3D Nanomagnetism in Low Density Interconnected Nanowire Networks

TL;DR

This paper reports the fabrication of low-density, interconnected 3D nanowire networks and explores their unique nanomagnetic behaviors, revealing new magnetization reversal mechanisms with potential applications in advanced magnetic devices.

Contribution

It introduces a novel method for creating large-area, low-density interconnected nanowire networks and investigates their 3D nanomagnetic properties and reversal mechanisms.

Findings

Demonstrated fabrication of cm-scale, low-density nanowire networks

Identified new magnetization reversal mechanisms in cobalt networks

Showed potential for 3D magnetic device applications

Abstract

Free-standing, interconnected metallic nanowire networks with density as low as 40 mg/cm^{3} have been achieved over cm-scale areas, using electrodeposition into polycarbonate membranes that have been ion-tracked at multiple angles. Networks of interconnected magnetic nanowires further provide an exciting platform to explore 3-dimensional nanomagnetism, where their structure, topology and frustration may be used as additional degrees of freedom to tailor the materials properties.
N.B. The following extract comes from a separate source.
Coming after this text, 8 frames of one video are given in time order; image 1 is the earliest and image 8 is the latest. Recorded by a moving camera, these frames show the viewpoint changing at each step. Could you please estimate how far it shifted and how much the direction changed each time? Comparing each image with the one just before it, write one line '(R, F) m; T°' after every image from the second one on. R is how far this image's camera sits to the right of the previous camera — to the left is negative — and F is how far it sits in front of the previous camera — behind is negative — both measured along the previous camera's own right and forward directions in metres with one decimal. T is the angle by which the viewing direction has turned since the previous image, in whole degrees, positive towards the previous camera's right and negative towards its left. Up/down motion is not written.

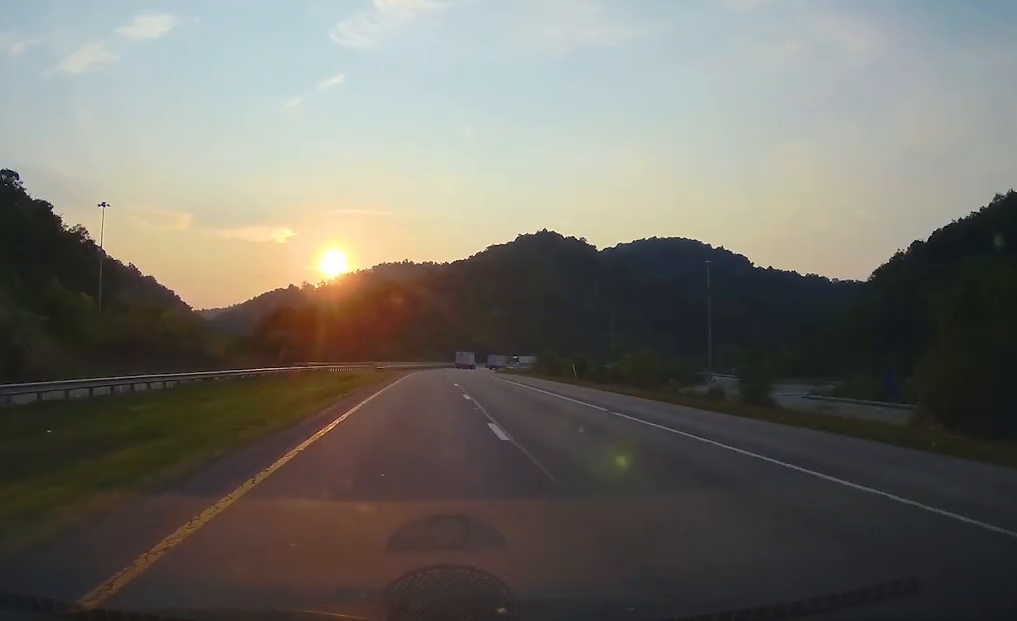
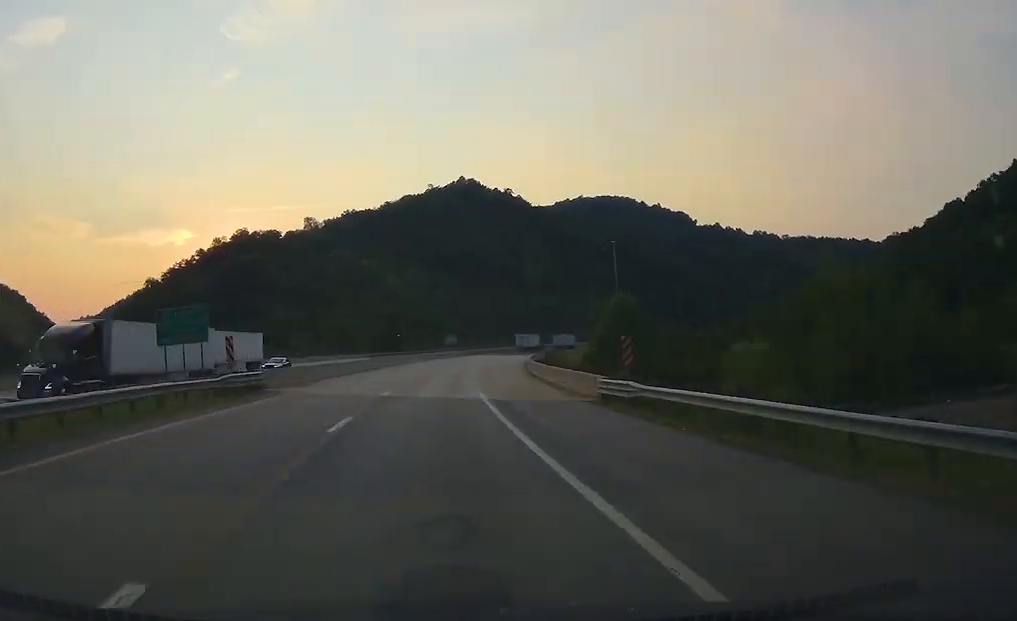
(+10.9, +146.9) m; +11°
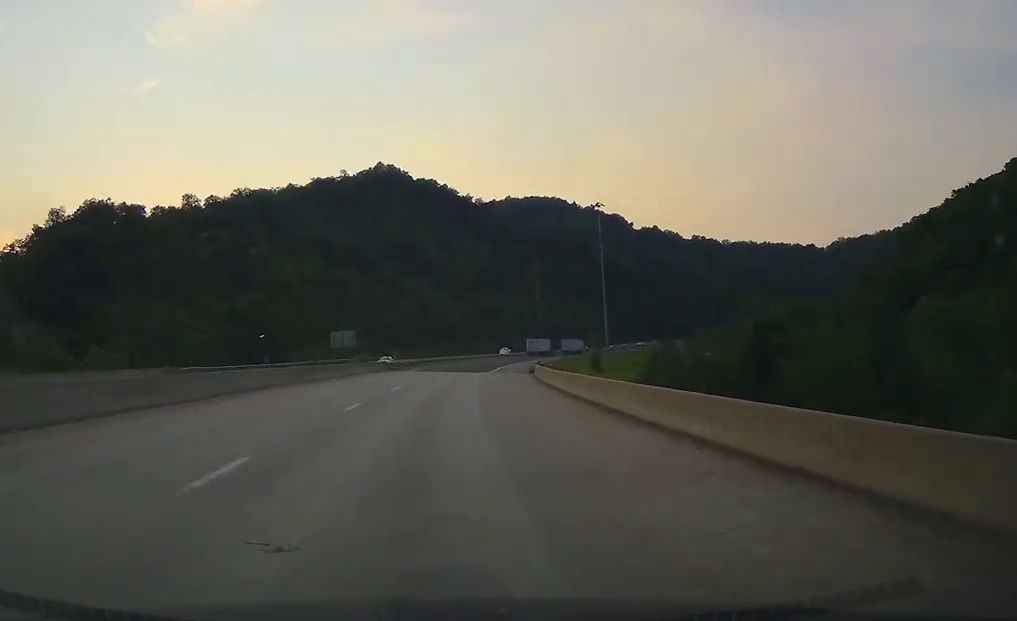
(+1.6, +66.9) m; +7°
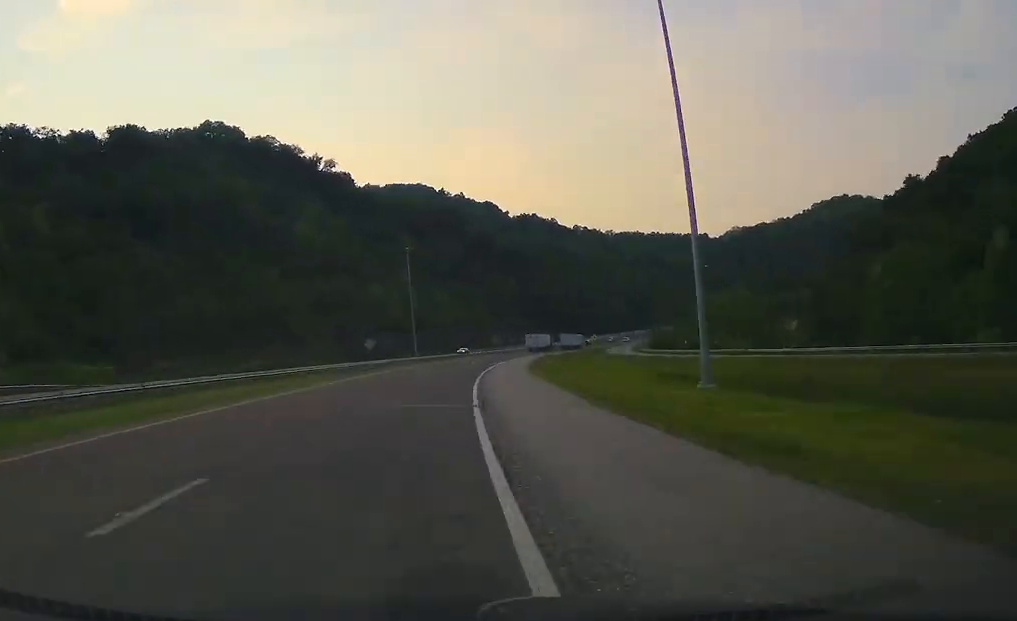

New magnetization reversal mechanisms in cobalt networks are captured by the first-order reversal curve method, which demonstrate the evolution from strong demagnetizing dipolar interactions to intersections-mediated domain wall pinning and propagation, and eventually to shape-anisotropy dominated magnetization reversal. These findings open up new possibilities for 3-dimensional integrated magnetic devices for memory, complex computation, and neuromorphics.